Input data below:
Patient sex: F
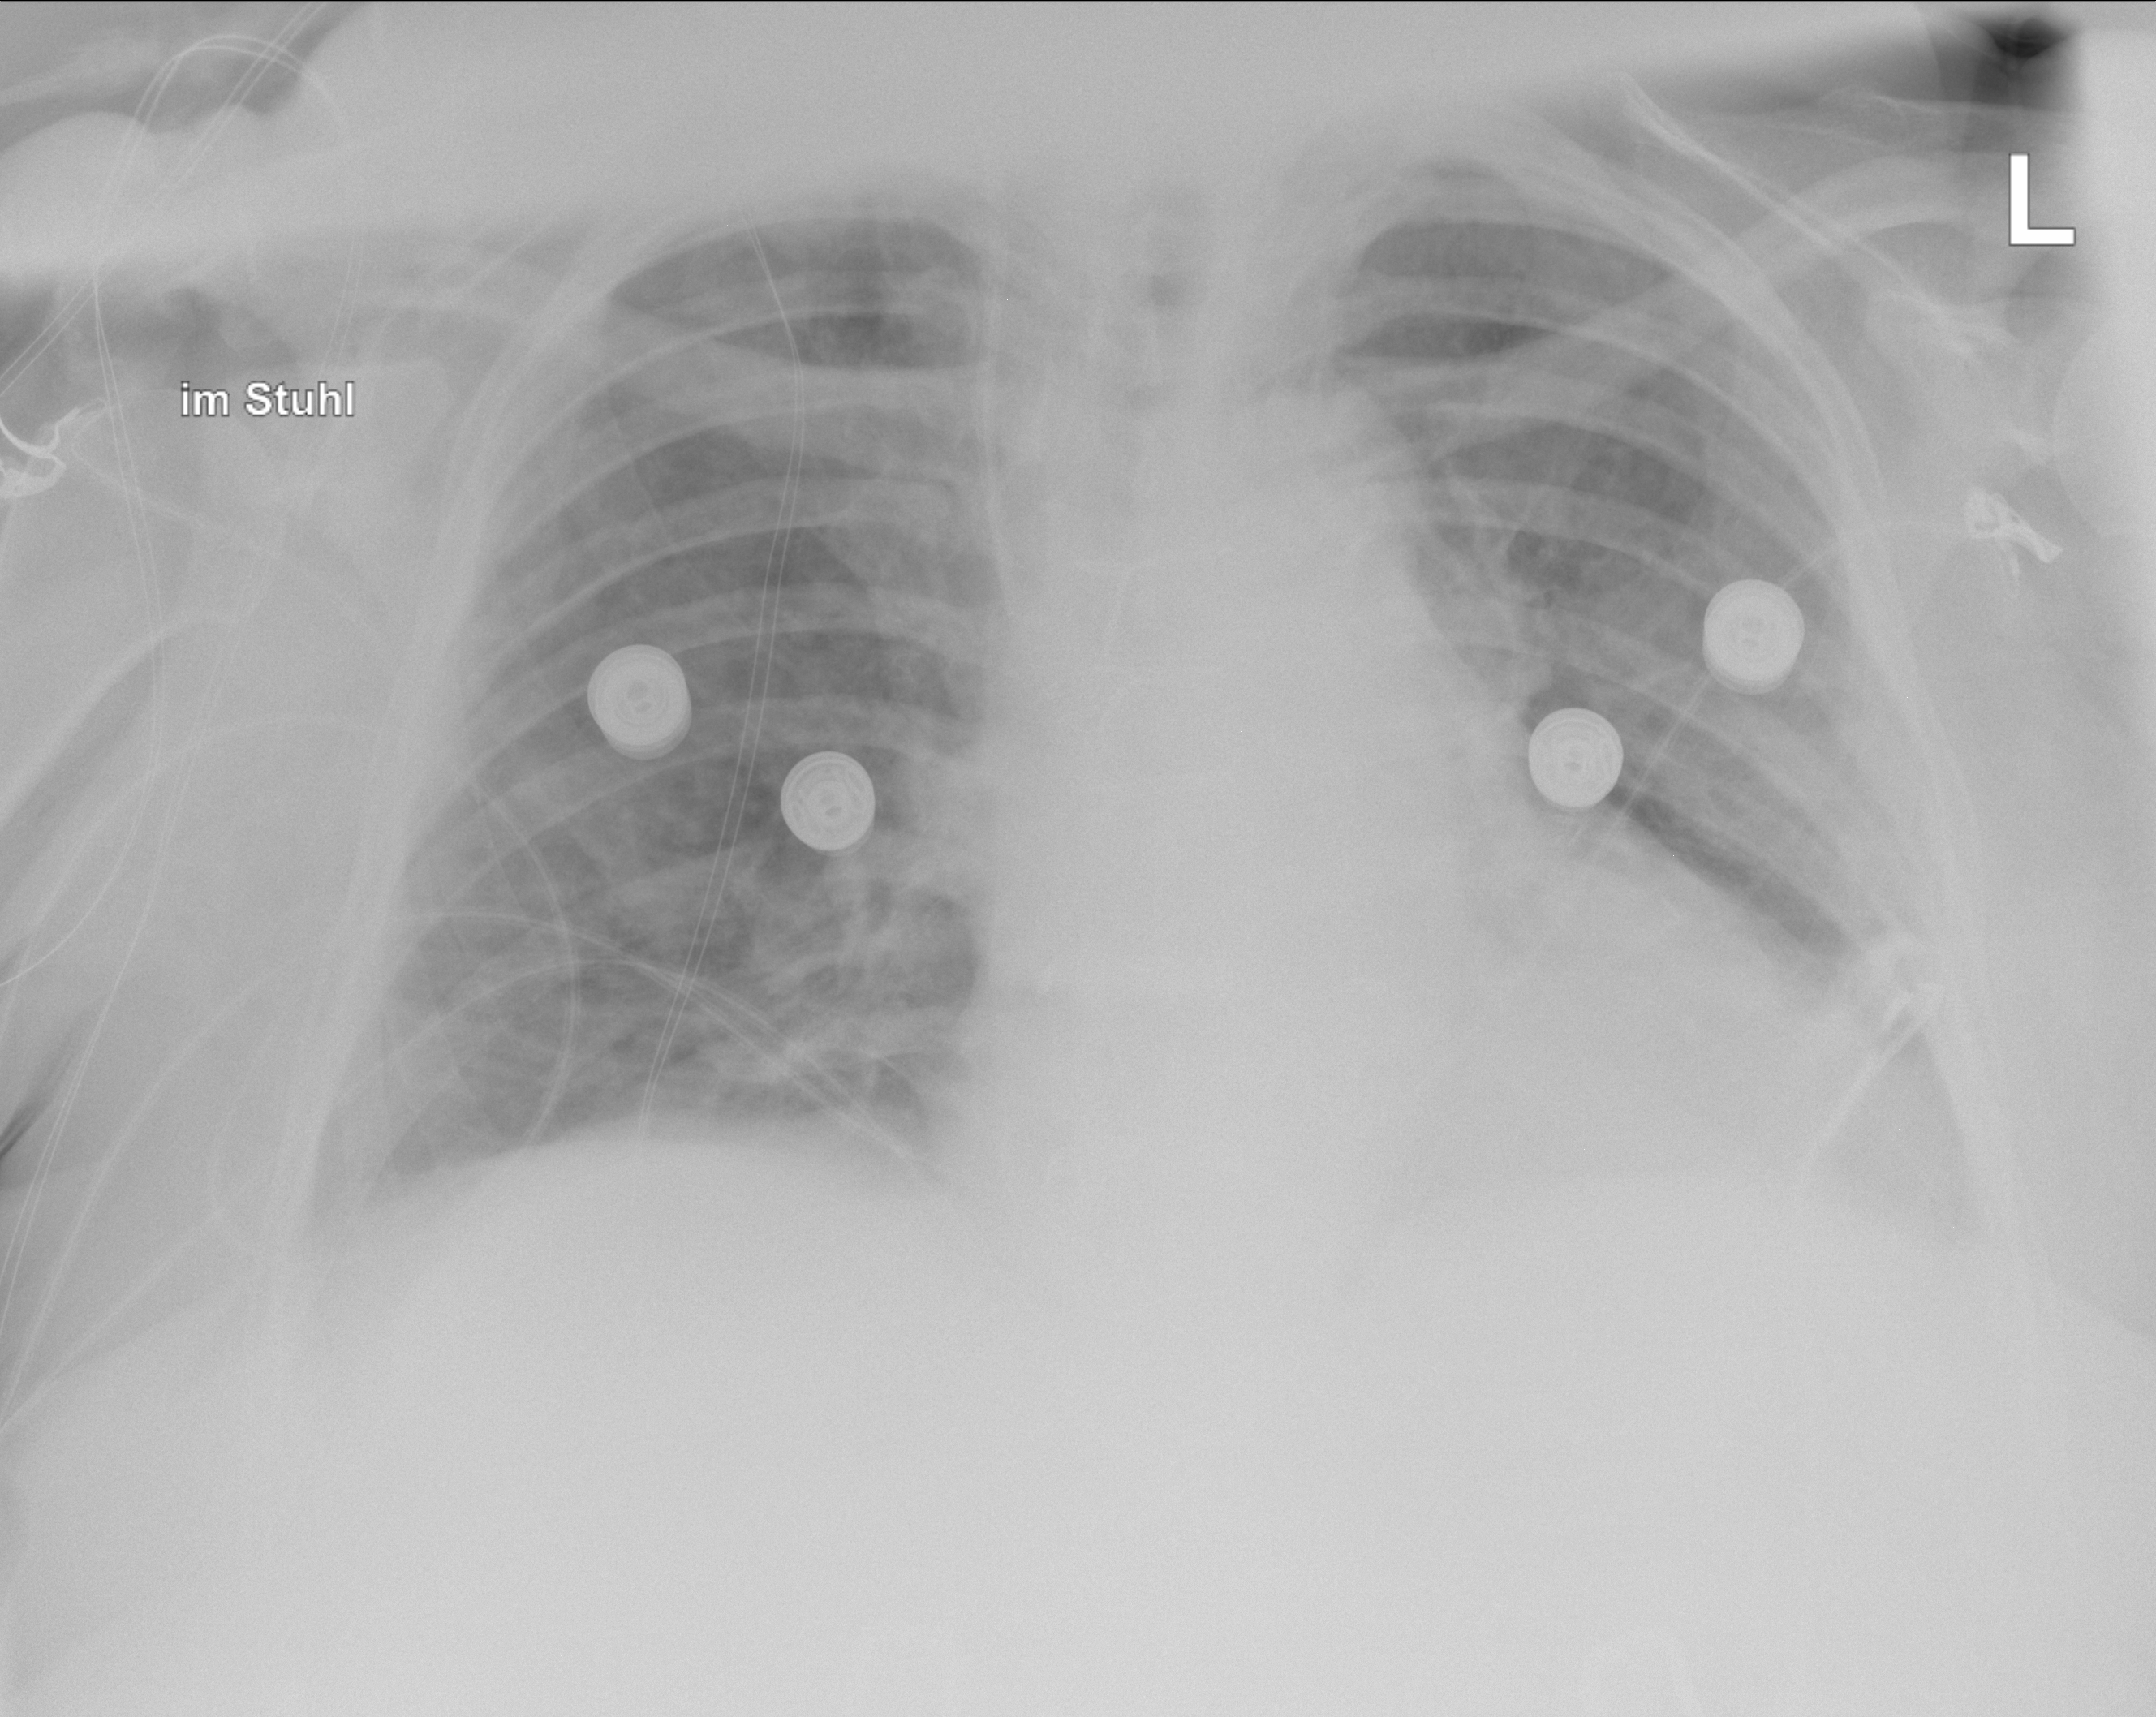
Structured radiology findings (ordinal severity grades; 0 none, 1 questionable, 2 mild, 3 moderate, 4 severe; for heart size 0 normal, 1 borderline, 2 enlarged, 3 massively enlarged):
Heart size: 2
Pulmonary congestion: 2
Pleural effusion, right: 0
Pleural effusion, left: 1
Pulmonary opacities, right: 0
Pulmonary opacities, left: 0
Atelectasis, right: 0
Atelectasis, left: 0
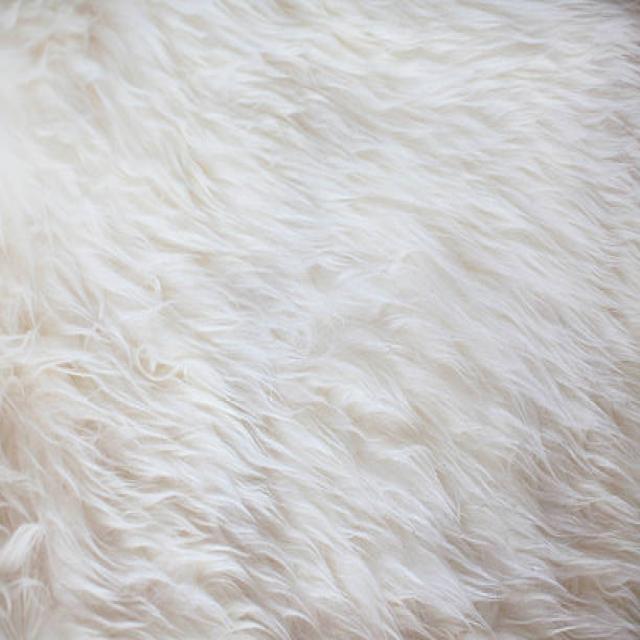
Healthy canine skin — no visible lesions, inflammation, or abnormalities. The skin and coat appear normal.
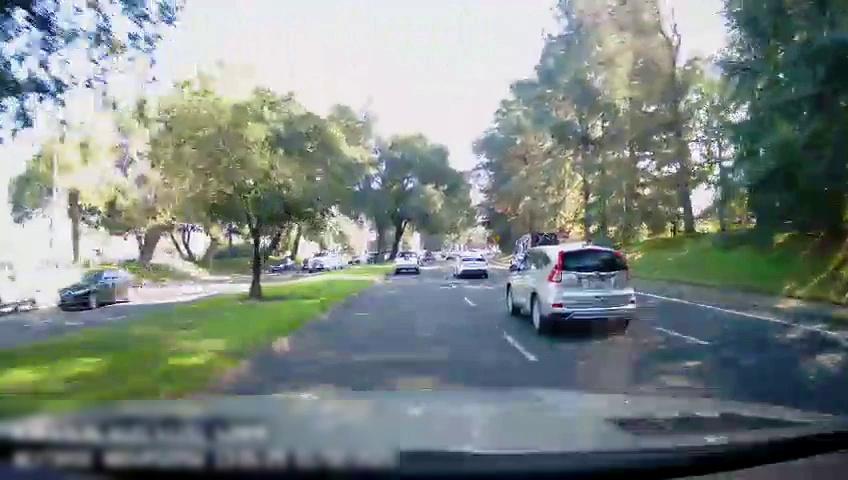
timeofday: Day
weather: Sunny
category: Drivable Space
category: Drivable Space
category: Vehicles | Car
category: Vehicles | Truck
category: Vehicles | Car
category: Vehicles | Car
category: Vehicles | Truck
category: Vehicles | Truck
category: Vehicles | SUV
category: Vehicles | Car
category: Vehicles | Car
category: Vehicles | Car
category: Lanes | Current Lane
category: Lanes | Current Lane
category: Lanes | Alternate Lane
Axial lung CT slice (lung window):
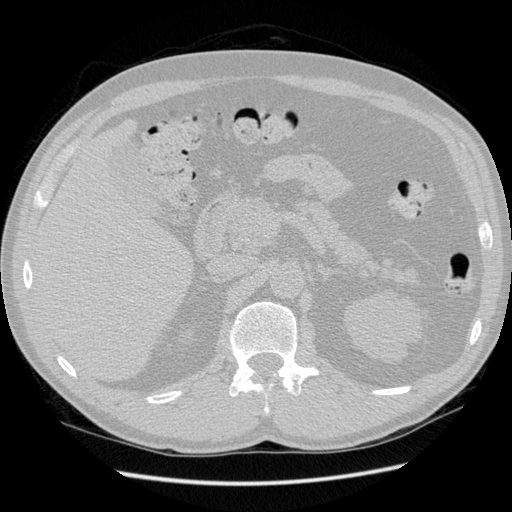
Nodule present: no
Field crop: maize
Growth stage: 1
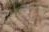
Species: salsola
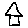
Label: house
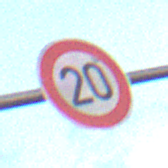
Verkehrszeichen: Geschwindigkeit20
Umgebung: Outdoor, Nature
Tageszeit: SunriseSunset
Wetter: PartlyCloudy
Licht: Natural
Jahreszeit: NotSpecified
Kontrast: LowContrast
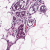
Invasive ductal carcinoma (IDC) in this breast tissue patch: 0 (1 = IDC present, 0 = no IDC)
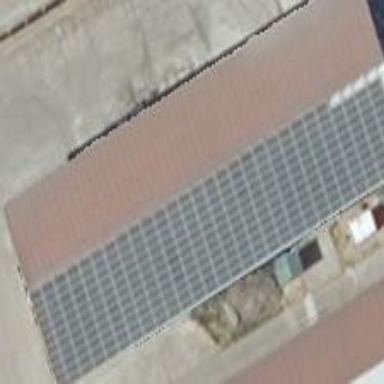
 generating electricity through photovoltaic methods."
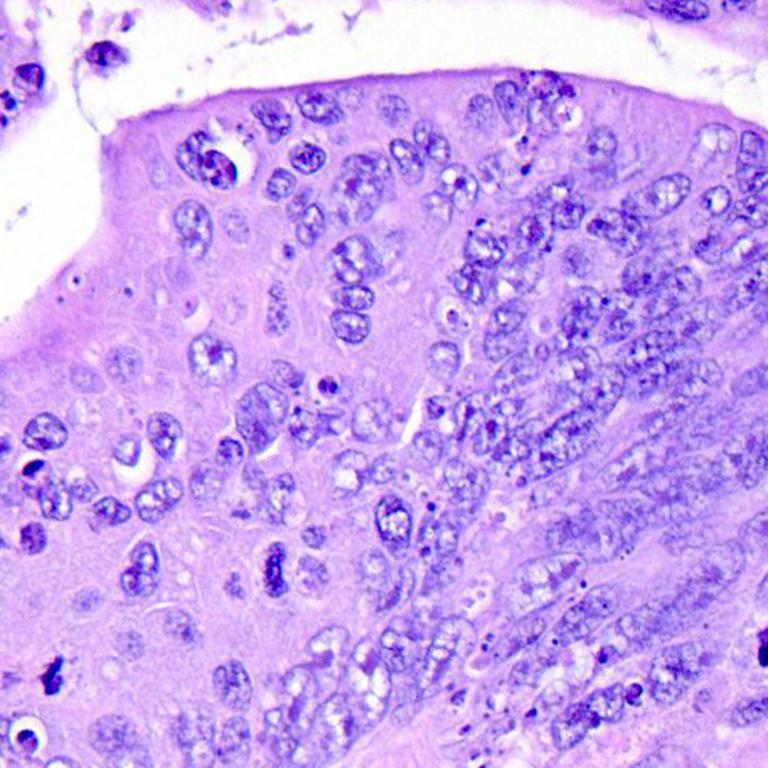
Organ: colon
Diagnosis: adenocarcinomas
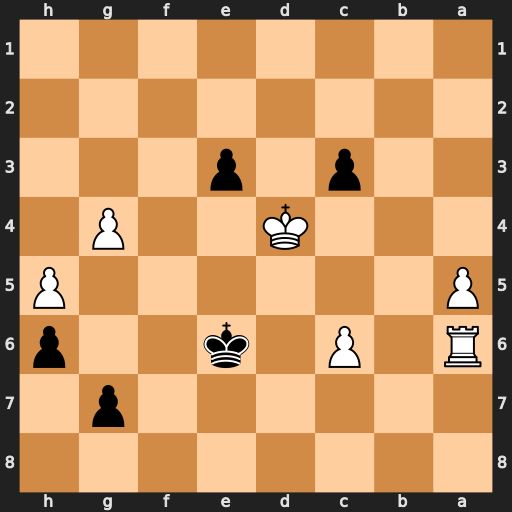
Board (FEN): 8/6p1/R1P1k2p/P6P/3K2P1/2p1p3/8/8
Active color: b
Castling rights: -
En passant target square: -
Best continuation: e2 c7+ Kd7 Rc6 Kc8 Re6 c2 Rxe2 c1=Q
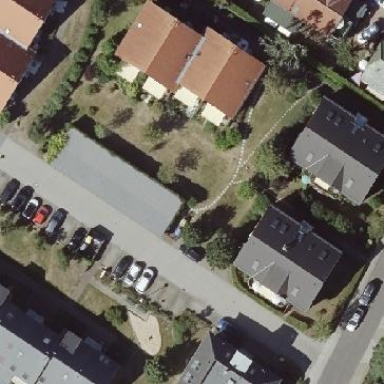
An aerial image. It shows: Carport with grass paver surface.
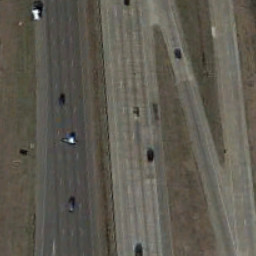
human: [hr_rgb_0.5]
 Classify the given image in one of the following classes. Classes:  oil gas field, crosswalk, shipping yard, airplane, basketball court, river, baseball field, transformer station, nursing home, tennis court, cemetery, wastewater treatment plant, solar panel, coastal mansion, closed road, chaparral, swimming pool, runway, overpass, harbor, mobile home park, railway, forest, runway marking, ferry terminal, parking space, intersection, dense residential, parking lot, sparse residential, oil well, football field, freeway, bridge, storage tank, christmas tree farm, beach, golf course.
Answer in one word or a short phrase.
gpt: freeway
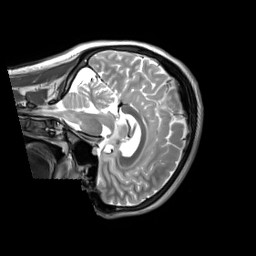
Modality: T2w
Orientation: sagittal
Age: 20
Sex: male
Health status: ill
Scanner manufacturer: siemens
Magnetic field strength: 3 T
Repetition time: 2.8 s
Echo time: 0.326 s
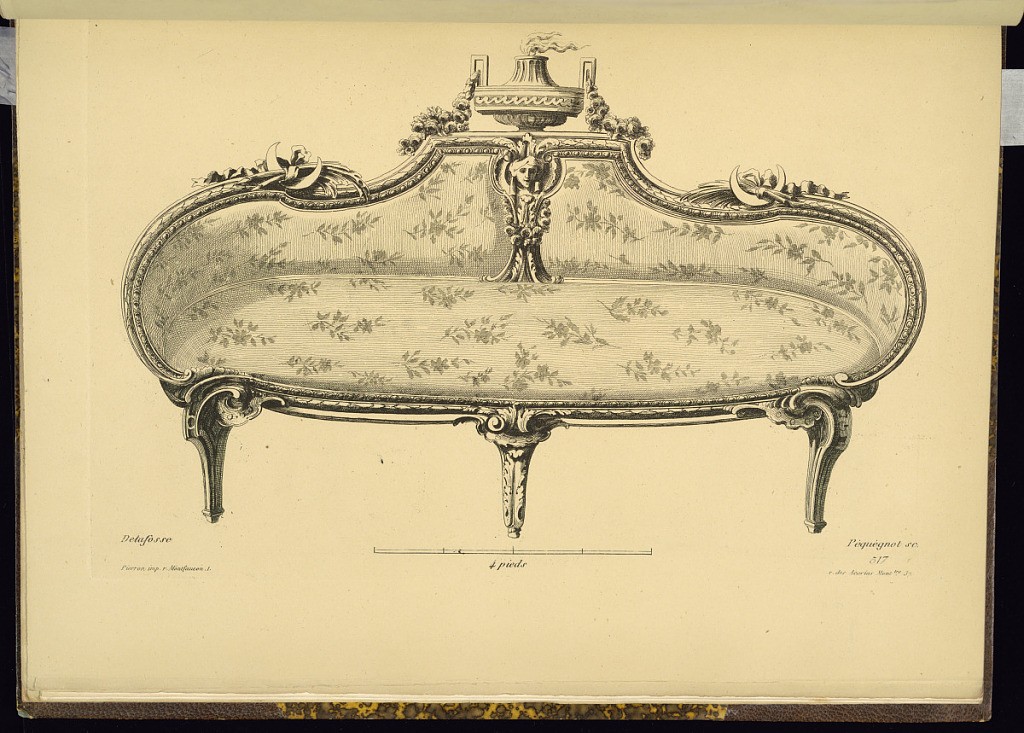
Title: Design for a Sofa
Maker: Jean-Charles Delafosse, French, 1734 – 1789
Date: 1849–66
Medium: Etching on paper
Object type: Print
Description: Design for an upholstered sofa with a carved frame featuring flowers, scrolling leaves, acanthus leaves, c-scrolls, crescent moons, egg and laurel leaf molding, mascaron (mask), and a flaming. The plate is signed with the printmaker, publisher, and original designer, and numbered.
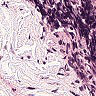
Metastatic tissue present: no
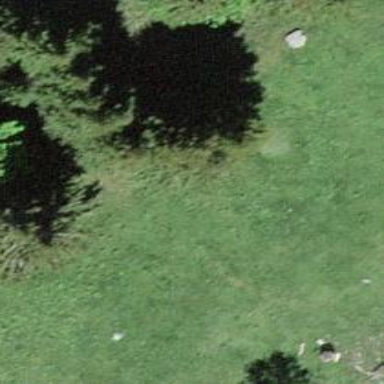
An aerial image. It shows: Needle-leaved tree in natural setting.
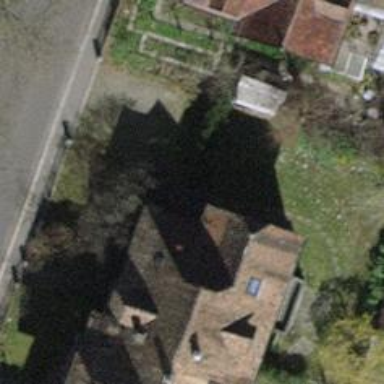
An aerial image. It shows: Gabled roofed house.
End of Input data.
■ **The problem**:
Would you show each line of the listing above that has the string "image"?

■ **Your solution**:
An aerial image. It shows: Carport with grass paver surface.
 Classify the given image in one of the following classes. Classes:  oil gas field, crosswalk, shipping yard, airplane, basketball court, river, baseball field, transformer station, nursing home, tennis court, cemetery, wastewater treatment plant, solar panel, coastal mansion, closed road, chaparral, swimming pool, runway, overpass, harbor, mobile home park, railway, forest, runway marking, ferry terminal, parking space, intersection, dense residential, parking lot, sparse residential, oil well, football field, freeway, bridge, storage tank, christmas tree farm, beach, golf course.
An aerial image. It shows: Needle-leaved tree in natural setting.
An aerial image. It shows: Gabled roofed house.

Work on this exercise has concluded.